One option would be to enable lsan as is and try to improve sanitizer stacktrace on arm
(lib/sanitizer_common/sanitizer_stacktrace.cc).

Perhaps we can enable slow unwinder for LSan tests on ARM (compile with -funwind-tables and run with 'fast_unwind_on_malloc=false')? This would make almost all tests pass except few ones (e.g. use_tls_pthread_specific_dynamic.cc) where slow unwinder might be unable to get caller PC (e.g. from libpthread.so).

Updating. I've enabled slow unwinder for LSan tests on ARM to make them pass regardless of arm/thumb mode and compiler that was used to build LSan runtime.

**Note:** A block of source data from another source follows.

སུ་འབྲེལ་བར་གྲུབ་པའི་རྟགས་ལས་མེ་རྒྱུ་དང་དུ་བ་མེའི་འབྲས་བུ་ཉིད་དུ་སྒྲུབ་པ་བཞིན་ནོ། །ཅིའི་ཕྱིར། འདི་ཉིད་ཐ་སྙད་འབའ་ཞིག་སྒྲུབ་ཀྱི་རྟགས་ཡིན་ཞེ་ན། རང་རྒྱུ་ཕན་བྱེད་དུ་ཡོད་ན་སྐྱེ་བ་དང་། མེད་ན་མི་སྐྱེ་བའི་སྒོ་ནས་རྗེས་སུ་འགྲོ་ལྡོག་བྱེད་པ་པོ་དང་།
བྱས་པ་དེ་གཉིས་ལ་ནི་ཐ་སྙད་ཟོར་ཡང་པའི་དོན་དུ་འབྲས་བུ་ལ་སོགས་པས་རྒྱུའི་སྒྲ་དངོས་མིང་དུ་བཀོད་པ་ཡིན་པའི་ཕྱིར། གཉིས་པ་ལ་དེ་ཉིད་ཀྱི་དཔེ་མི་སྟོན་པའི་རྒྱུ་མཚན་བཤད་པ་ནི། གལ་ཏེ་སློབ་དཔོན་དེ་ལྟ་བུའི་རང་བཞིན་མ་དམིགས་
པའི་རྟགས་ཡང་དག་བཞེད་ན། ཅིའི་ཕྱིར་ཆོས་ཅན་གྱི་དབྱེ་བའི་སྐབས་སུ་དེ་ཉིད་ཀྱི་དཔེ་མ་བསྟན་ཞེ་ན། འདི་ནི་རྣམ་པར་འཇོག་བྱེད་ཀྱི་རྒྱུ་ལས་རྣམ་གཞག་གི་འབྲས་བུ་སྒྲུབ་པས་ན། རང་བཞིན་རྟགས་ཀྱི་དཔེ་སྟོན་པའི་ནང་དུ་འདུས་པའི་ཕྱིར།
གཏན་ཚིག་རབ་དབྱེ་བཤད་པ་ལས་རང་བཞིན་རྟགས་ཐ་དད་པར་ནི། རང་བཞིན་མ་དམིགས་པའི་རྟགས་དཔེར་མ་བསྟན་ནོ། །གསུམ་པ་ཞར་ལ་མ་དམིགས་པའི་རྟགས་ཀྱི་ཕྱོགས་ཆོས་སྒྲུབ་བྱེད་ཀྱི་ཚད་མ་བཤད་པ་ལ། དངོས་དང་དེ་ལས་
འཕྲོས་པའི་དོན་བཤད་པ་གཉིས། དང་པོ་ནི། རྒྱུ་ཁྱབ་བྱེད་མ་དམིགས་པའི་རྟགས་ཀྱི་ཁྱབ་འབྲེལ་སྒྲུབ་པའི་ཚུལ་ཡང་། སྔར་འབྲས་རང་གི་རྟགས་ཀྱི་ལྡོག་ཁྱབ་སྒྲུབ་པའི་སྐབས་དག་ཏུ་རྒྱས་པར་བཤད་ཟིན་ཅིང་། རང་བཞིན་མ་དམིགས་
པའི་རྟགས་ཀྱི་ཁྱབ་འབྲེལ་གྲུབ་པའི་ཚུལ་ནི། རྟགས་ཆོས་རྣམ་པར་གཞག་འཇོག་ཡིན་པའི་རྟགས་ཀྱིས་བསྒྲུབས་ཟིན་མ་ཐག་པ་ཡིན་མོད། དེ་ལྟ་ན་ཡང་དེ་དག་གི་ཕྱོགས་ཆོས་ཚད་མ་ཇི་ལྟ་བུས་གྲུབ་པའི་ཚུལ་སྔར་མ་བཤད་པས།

kcc edited edge metadata.Feb 16 2017, 1:42 PM

Updating. I've enabled slow unwinder for LSan tests on ARM to make them pass regardless of arm/thumb mode and compiler that was used to build LSan runtime.

That's pretty bad.
Yes, the tests will pass, but the tool will be utterly useless in real life. Slow unwinder is just too slow.
And setting fast_unwind_on_malloc=false in the test config means we are not testing what the users are going to use.

In D29586#679101, @kcc wrote:

Updating. I've enabled slow unwinder for LSan tests on ARM to make them pass regardless of arm/thumb mode and compiler that was used to build LSan runtime.

That's pretty bad.
Yes, the tests will pass, but the tool will be utterly useless in real life. Slow unwinder is just too slow.
And setting fast_unwind_on_malloc=false in the test config means we are not testing what the users are going to use.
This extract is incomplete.